Car il s’agit de penser des politiques qui cherchent moins la « banalisation » des quartiers que la qualité des parcours résidentiels et des conditions de vie des ménages. Les notions de « peuplement » ou « d’occupation sociale » offrent une lecture à la fois trop monolithique et trop statique des quartiers et de leurs habitants. Leur référentiel (généralement des quotas établis sur la base de quelques critères socio-économiques caractérisant les locataires) et la volonté de mélanger à tout prix les habitants ne tiennent pas compte de ce qui fait « ciment », de ce qui fait « société » : le besoin d’entre-soi, les logiques affinitaires qui traversent aussi bien les quartiers populaires que les zones pavillonnaires.
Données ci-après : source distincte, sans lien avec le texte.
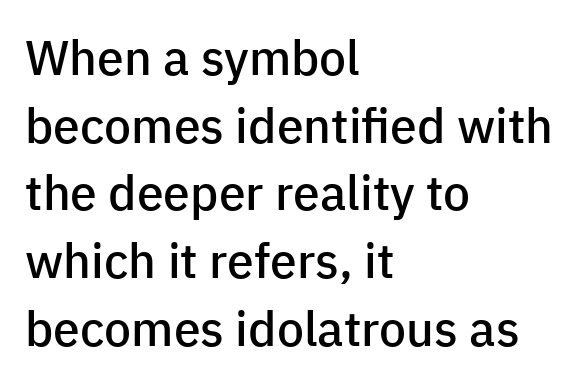
Q: Is the text bold? A: Semi-bold.
Q: Is the text italic (slanted)? A: No, it is upright.
Q: Is the typeface a serif or a sans-serif typeface? A: Sans-serif.
Q: Is the text underlined? A: No.
Q: How is the paragraph aligned? A: Left-aligned.
Q: Is the spacing between letters normal or unusually wide? A: Normal.
Q: Is the spacing between lines tight, normal or loose? A: Normal.
Q: Width (condensed, normal, or wide)? A: Normal.
Q: Stroke contrast? A: Low.
Q: x-height? A: Medium.
Q: Monospaced? A: No.
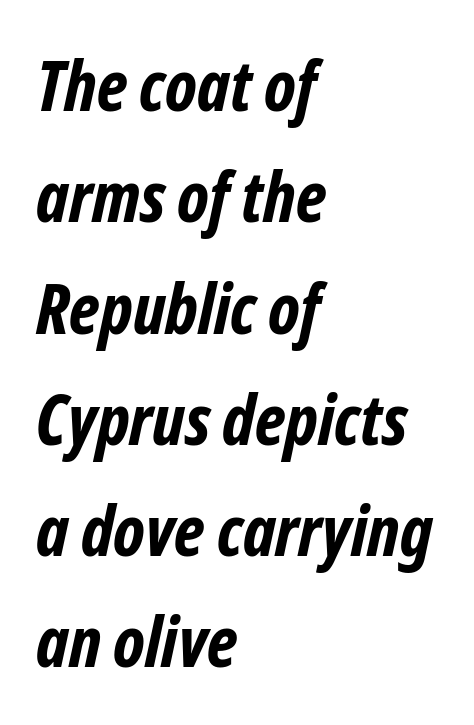
{"serif": "no", "bold": "yes", "weight": "bold", "width": "condensed", "stroke_contrast": "low", "x_height": "medium", "monospaced": "no", "underline": "no", "align": "left", "line_spacing": "normal", "line_spacing_ratio": 1.59, "letter_spacing": "normal", "letter_spacing_em": 0.0, "glyph_px": 70}
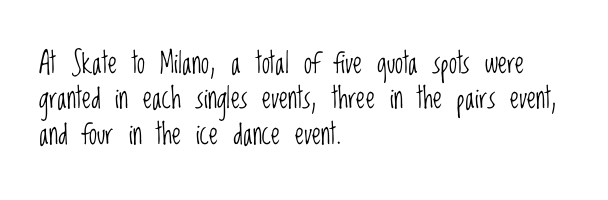
{"serif": "no", "italic": "no", "bold": "no", "weight": "light", "width": "condensed", "stroke_contrast": "low", "x_height": "large", "monospaced": "no", "underline": "no", "align": "left", "line_spacing_ratio": 1.22, "letter_spacing": "normal", "letter_spacing_em": 0.0, "glyph_px": 29}
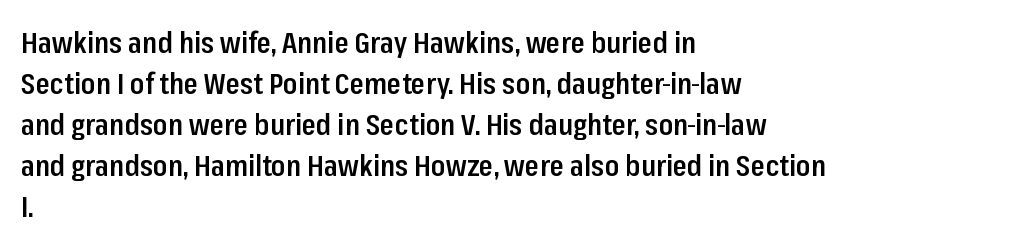
{"serif": "no", "italic": "no", "bold": "semi", "weight": "semibold", "width": "condensed", "stroke_contrast": "low", "x_height": "medium", "monospaced": "no", "underline": "no", "align": "left", "line_spacing": "normal", "line_spacing_ratio": 1.41, "letter_spacing": "normal", "letter_spacing_em": 0.0, "glyph_px": 29}
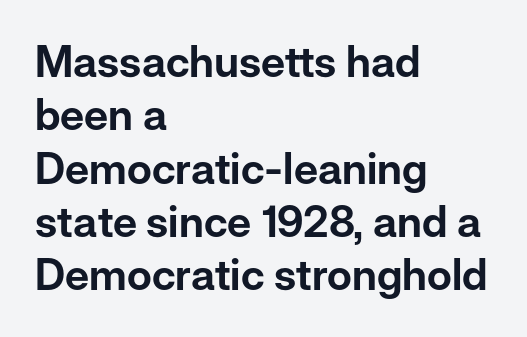
Q: Is the text italic (slanted)? A: No, it is upright.
Q: Is the typeface a serif or a sans-serif typeface? A: Sans-serif.
Q: Is the text underlined? A: No.
Q: How is the paragraph aligned? A: Left-aligned.
Q: Is the spacing between letters normal or unusually wide? A: Normal.
Q: Width (condensed, normal, or wide)? A: Normal.
Q: Stroke contrast? A: Low.
Q: x-height? A: Medium.
Q: Monospaced? A: No.
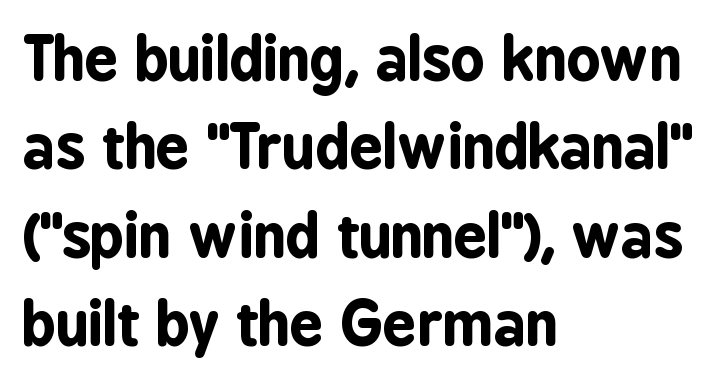
{"serif": "no", "italic": "no", "bold": "yes", "weight": "bold", "width": "condensed", "stroke_contrast": "low", "x_height": "medium", "monospaced": "no", "underline": "no", "align": "left", "line_spacing": "normal", "line_spacing_ratio": 1.5, "letter_spacing": "normal", "letter_spacing_em": 0.0, "glyph_px": 59}
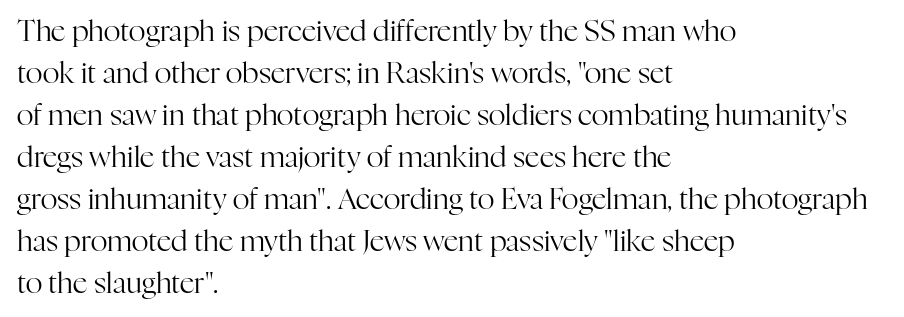
These lines were composed using upright roman letters. The strokes carry an ordinary text weight at most. Typographically, this falls in the serif category. How are the letters spaced? Ordinarily, with no added tracking. Looks like regular typesetting: each glyph gets only the width it needs. If you drew a ruler down the left edge, every line would touch it.
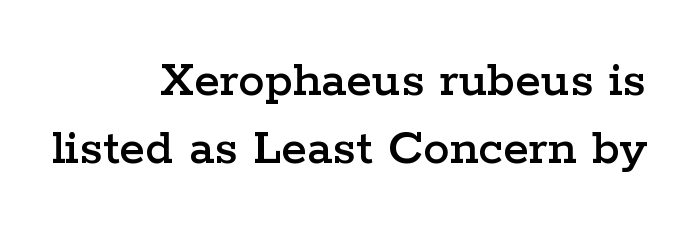
Note the varied advance widths — an 'i' is clearly narrower than an 'm'. Small tapered or slab feet sit at the stroke ends, so this counts as serif. Inter-character spacing is left at the font's built-in metrics. Vertical spacing — default. In CSS terms this would be text-align: right. Nobody drew a line under any word here.
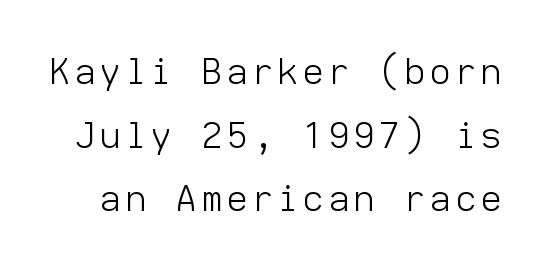
{"serif": "no", "italic": "no", "bold": "no", "weight": "light", "width": "normal", "stroke_contrast": "low", "x_height": "medium", "monospaced": "yes", "underline": "no", "line_spacing_ratio": 1.82, "glyph_px": 35}
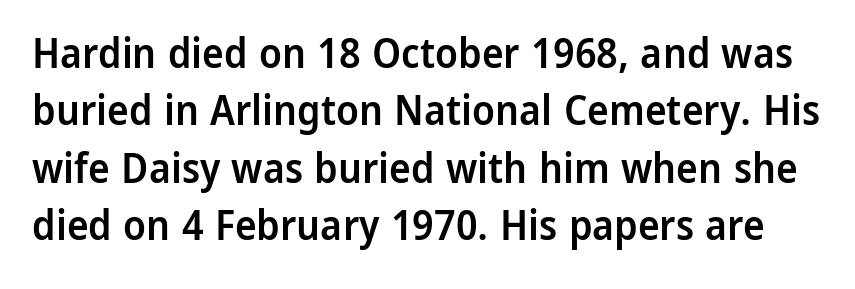
Descender tails drop into unmarked territory. The letters advance in unequal steps, a hallmark of proportional type. Do the letters lean? They stand straight. The passage shown has conventional tracking throughout. What's the leading like? Ordinary, nothing unusual.
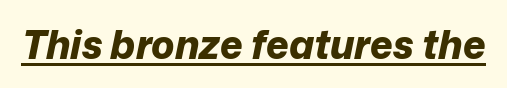
The image shows 39 px bold type, italic (leaning right); set normal letter spacing, underlined; low stroke contrast and a medium x-height.
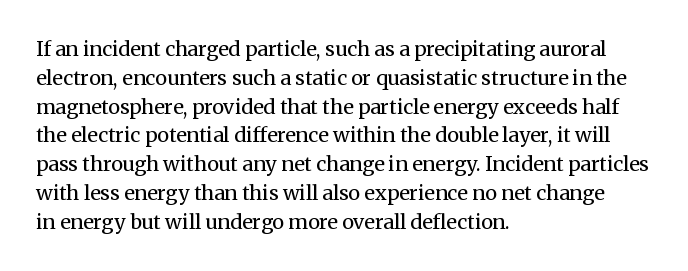
{"italic": "no", "bold": "no", "underline": "no", "align": "left", "line_spacing": "normal", "line_spacing_ratio": 1.44, "letter_spacing": "normal", "letter_spacing_em": 0.0, "glyph_px": 20}
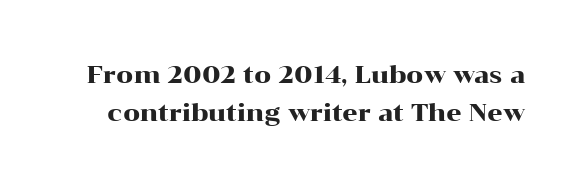
{"italic": "no", "underline": "no", "line_spacing": "normal", "line_spacing_ratio": 1.58, "letter_spacing": "normal", "letter_spacing_em": 0.0, "glyph_px": 24}
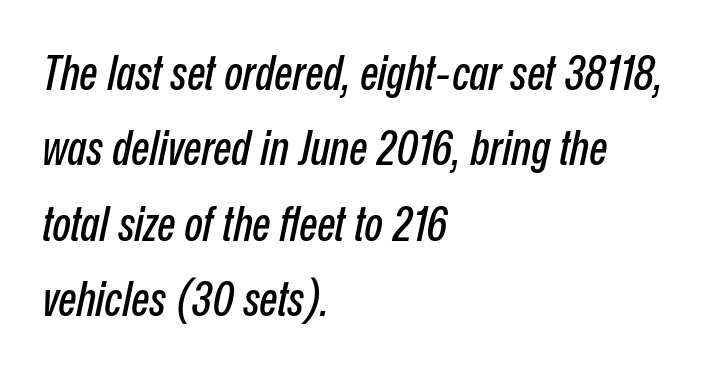
In terms of leading, this rendering sits right in the middle. You could call the tracking neutral — neither tight nor loose. Has an underline been added? It has not. Left-aligned paragraph, ragged on the right.

Il s’agirait donc moins de lutter contre l’homogénéité sociale des « quartiers sensibles » que de chercher à y favoriser une mobilité interne et externe, répondant aux évolutions sociales ascendantes – et, malheureusement, aussi descendantes – des ménages, d’où qu’ils viennent : en interne, en veillant à utiliser une maille suffisamment fine pour être attentifs aux parcours d’un îlot à l’autre, d’une cage d’escalier à l’autre ; en externe, en valorisant et en structurant la fonction d’accueil, voire de refuge, du parc de logements de ces quartiers, face à certaines étapes sensibles de la vie (divorce, deuil, chômage, retraite). À condition de fluidifier sa gestion, ce parc offrirait une étape résidentielle qui ne serait plus une impasse ou une assignation à résidence, comme c’est encore trop souvent le cas.
On peut espérer qu’en associant plus étroitement les politiques de rénovation urbaine et celles de cohésion sociale au sein du futur « contrat unique » (actuellement en discussion dans les groupes de concertation nationale sur la politique de la ville) et qu’en se fondant sur l’expérience collective acquise au cours de lu PNRU 1, les nouveaux projets sauront prendre appui sur la spécificité de ces quartiers et des solutions qui peuvent y être expérimentées au quotidien. Il faudra toutefois veiller à ce que les logiques affinitaires ne renforcent pas la « tentation du repli », souvent qualifié sur ces territoires de « communautaire » (mais ne touche-t-elle pas aussi d’autres espaces comme les zones périurbaines où les votes extrêmes s’accroissent ?), en promouvant des programmes de développement social axés sur la « pluralité des identités » et « l’échange positif entre habitants » [6]. Enfin, ils gagneraient à s’enrichir de la grille de lecture des habitants eux-mêmes, parfois plus réaliste que des modèles et des représentations qui n’ont pas fait la preuve de leur opérationnalité.
Bibliographie
- Charmes, É. 2009. « Pour une approche critique de la mixité sociale. Redistribuer les populations ou les ressources ? », La Vie des idées, 10 mars.
- Fol, S. 2010. « Mobilité et ancrage dans les quartiers pauvres : les ressources de la proximité », Regards sociologiques, n° 40, p. 27‑43.
- Gilbert, P. 2011. « “Ghetto”, “relégation”, “effets de quartier”. Critique d’une représentation des cités », Métropolitiques, 9 février.
- Kirszbaum, T. 2008, La Rénovation urbaine : les leçons urbaines américaines, Paris : Presses universitaires de France.
- Mandouze, D. 2008. Analyse et suivi du changement social et de l’opinion publique dans les communes du grand projet des villes, rapport d’étude de l’Arcus.
- Maurin, É. 2009, La peur du déclassement. Une sociologie des récessions, Paris : Seuil, La République des idées.